Dataset records
○ ○ ○ ○ ○

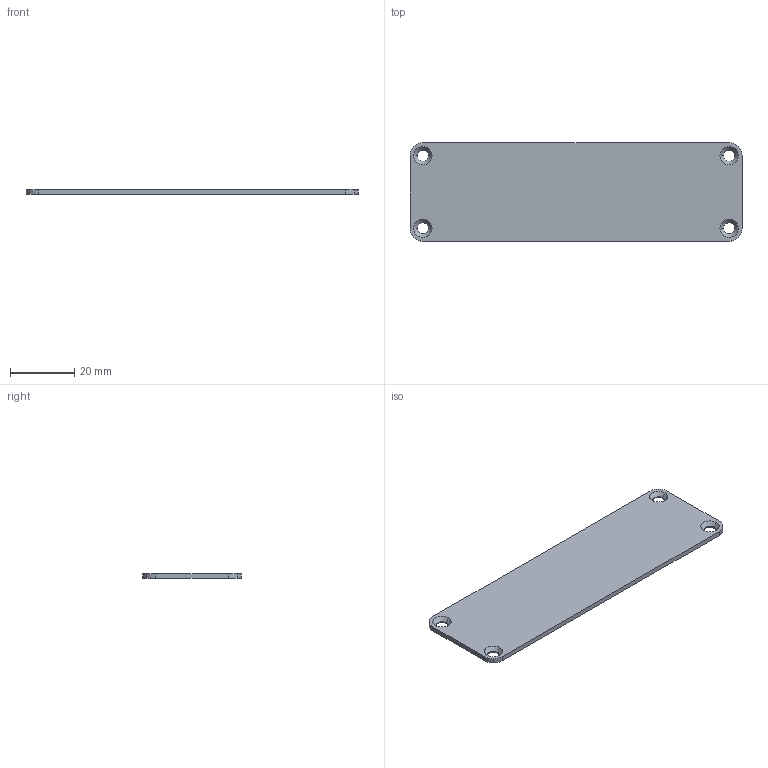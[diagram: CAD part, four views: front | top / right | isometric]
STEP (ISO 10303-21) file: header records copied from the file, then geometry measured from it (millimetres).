
FILE_DESCRIPTION((''),'2;1');
FILE_NAME('L End Panel.stp','2005-02-16T11:27:59',('avernon'),(''),'Autodesk Inventor 9','Autodesk Inventor 9','');
FILE_SCHEMA(('AUTOMOTIVE_DESIGN { 1 0 10303 214 1 1 1 1 }'));
Length unit declared in the file: millimetre
Products named in the file (1): L End Panel
Bounding box: 103 x 30.5 x 1.52 mm (x, y, z)
Volume: 4671.2 mm3; surface area: 6620.7 mm2
Topology: 1 solids, 1 shells, 30 faces, 76 edges, 48 vertices
Faces by surface type: bspline 16, cylinder 8, plane 6
Entity records: 1163 total; most frequent: CARTESIAN_POINT 427, ORIENTED_EDGE 152, DIRECTION 146, EDGE_CURVE 76, AXIS2_PLACEMENT_3D 55, VERTEX_POINT 48, CIRCLE 40, EDGE_LOOP 38

○ ○ ○ ○ ○

• _TRY IT_:
Copy all records exactly, no images.

• _SOLUTION TO THIS EXERCISE_:
[diagram: CAD part, four views: front | top / right | isometric]
STEP (ISO 10303-21) file: header records copied from the file, then geometry measured from it (millimetres).
FILE_DESCRIPTION((''),'2;1');
FILE_NAME('L End Panel.stp','2005-02-16T11:27:59',('avernon'),(''),'Autodesk Inventor 9','Autodesk Inventor 9','');
FILE_SCHEMA(('AUTOMOTIVE_DESIGN { 1 0 10303 214 1 1 1 1 }'));
Length unit declared in the file: millimetre
Products named in the file (1): L End Panel
Bounding box: 103 x 30.5 x 1.52 mm (x, y, z)
Volume: 4671.2 mm3; surface area: 6620.7 mm2
Topology: 1 solids, 1 shells, 30 faces, 76 edges, 48 vertices
Faces by surface type: bspline 16, cylinder 8, plane 6
Entity records: 1163 total; most frequent: CARTESIAN_POINT 427, ORIENTED_EDGE 152, DIRECTION 146, EDGE_CURVE 76, AXIS2_PLACEMENT_3D 55, VERTEX_POINT 48, CIRCLE 40, EDGE_LOOP 38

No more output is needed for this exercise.